La loi Chat Control 1.0 a été étendue au moins jusqu’en 2028, permettant l’analyse des e-mails et des messages directs sur des plateformes telles que Discord et Skype.
Les députés européens n’ont pas réussi à bloquer une proposition étendant l’analyse massive des communications privées, une mesure qu’ils avaient déjà rejetée à deux reprises.
Cette fois encore, il y a eu plus de votes contre que pour, mais en raison de l’absence de nombreux députés à la veille des vacances d’été, la motion de rejet n’a pas obtenu la majorité absolue nécessaire.

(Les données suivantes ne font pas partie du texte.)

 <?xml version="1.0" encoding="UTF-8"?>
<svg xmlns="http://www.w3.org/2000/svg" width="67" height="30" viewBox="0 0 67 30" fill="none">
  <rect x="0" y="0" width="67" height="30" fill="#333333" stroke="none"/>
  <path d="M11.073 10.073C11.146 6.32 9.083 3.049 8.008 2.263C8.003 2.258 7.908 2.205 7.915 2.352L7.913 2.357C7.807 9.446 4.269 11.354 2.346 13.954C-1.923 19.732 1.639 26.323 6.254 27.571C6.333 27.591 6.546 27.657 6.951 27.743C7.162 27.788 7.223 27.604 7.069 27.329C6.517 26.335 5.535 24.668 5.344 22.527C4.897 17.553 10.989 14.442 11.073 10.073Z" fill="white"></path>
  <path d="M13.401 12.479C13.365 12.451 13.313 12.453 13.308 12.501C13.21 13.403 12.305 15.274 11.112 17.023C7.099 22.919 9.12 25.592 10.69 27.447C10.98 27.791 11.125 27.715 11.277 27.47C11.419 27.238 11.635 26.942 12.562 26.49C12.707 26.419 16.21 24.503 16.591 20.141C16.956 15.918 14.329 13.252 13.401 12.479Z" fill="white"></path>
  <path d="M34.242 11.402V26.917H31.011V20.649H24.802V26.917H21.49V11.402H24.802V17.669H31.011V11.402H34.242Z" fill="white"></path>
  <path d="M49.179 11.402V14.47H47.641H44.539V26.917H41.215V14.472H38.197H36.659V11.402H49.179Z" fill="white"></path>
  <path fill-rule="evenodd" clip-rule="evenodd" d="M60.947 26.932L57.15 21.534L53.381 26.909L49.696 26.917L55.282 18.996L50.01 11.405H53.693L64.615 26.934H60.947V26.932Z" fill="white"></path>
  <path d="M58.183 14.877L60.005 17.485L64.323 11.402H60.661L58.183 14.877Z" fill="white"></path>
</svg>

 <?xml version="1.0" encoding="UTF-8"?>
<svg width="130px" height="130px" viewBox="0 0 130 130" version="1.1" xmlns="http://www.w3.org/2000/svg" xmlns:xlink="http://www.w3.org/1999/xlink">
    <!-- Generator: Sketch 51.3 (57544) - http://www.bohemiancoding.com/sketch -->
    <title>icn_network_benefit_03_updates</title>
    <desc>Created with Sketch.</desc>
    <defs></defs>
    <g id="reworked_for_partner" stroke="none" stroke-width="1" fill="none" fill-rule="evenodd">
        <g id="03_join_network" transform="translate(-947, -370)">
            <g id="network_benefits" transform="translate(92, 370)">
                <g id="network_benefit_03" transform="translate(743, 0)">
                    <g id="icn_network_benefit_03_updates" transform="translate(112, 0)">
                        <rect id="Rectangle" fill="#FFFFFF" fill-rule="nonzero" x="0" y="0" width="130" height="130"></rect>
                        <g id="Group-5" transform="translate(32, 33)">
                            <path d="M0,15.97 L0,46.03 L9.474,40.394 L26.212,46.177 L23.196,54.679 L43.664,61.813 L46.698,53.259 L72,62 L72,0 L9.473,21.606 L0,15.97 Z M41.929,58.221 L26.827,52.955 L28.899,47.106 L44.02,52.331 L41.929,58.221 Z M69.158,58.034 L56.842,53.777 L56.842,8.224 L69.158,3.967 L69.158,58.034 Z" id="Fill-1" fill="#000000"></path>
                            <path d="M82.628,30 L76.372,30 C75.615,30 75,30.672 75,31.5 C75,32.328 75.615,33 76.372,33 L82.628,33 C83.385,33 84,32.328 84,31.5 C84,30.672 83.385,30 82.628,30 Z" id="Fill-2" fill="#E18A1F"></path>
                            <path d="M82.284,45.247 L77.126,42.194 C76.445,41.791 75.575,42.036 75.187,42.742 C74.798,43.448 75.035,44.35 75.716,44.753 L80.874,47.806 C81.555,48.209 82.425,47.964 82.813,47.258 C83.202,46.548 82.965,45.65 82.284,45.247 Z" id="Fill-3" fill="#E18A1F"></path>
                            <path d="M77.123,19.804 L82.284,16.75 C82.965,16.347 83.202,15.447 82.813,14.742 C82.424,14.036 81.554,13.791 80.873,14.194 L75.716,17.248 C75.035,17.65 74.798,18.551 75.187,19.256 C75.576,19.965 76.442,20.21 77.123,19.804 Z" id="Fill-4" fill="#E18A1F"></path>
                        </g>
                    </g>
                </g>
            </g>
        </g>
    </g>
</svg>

La proposition a été adoptée par défaut.
De même, un amendement exigeant des mandats pour l’analyse a reçu plus de voix pour que contre, mais n’a pas réussi à atteindre la majorité absolue nécessaire pour être adopté.
La loi dite Chat Control 1.0 sera désormais prolongée jusqu’en 2028.
Selon ses partisans, cette mesure peut être considérée comme un élément essentiel dans la lutte contre les abus sexuels sur les enfants, tandis que ses opposants y voient une mesure visant à restreindre la vie privée.
Il s’agit d’une bataille de longue date au sein de l’Union européenne. En novembre dernier, la Commission européenne a mis un terme aux propositions de surveillance à grande échelle et a proposé une approche volontaire. Cela a maintenant changé. En vertu de la nouvelle mesure, les fournisseurs de services pourront analyser les messages privés sans mandat. Cela affecte les messages directs sur les plateformes telles que Discord, Skype, Instagram, Snapchat et Xbox, ainsi que les e-mails envoyés via Gmail de Google et iCloud d’Apple. Les services cryptés comme WhatsApp ne sont pas affectés.
« Le vote d’aujourd’hui sur le règlement intérimaire a été un revers, mais la bataille politique autour du « Chat Control 2.0″ permanent ne fait que commencer. La résistance que nous avons vue aujourd’hui au Parlement était si forte que trouver une majorité pour un scan de masse permanent et sans soupçon dans les négociations futures est une pure chimère », a écrit Patrick Beyer, critique de longue date du projet et lui-même ancien député européen.
En novembre, il avait prévenu que les entreprises pourraient être affectées par cette mesure. « Pour une entreprise, un « faux positif » pourrait signifier que des documents internes confidentiels, du code ou des plans stratégiques sont signalés et envoyés à des autorités externes ou à des forces de police à l’insu de l’entreprise.
Les discussions sur une solution permanente à la question se poursuivent, avec des opinions fermement ancrées des deux côtés. « Le principal différend entre le Parlement européen, les gouvernements des États membres et la Commission européenne reste l’analyse des discussions privées : doit-elle être aveugle ou ciblée sur des suspects criminels ? » écrit Beyer.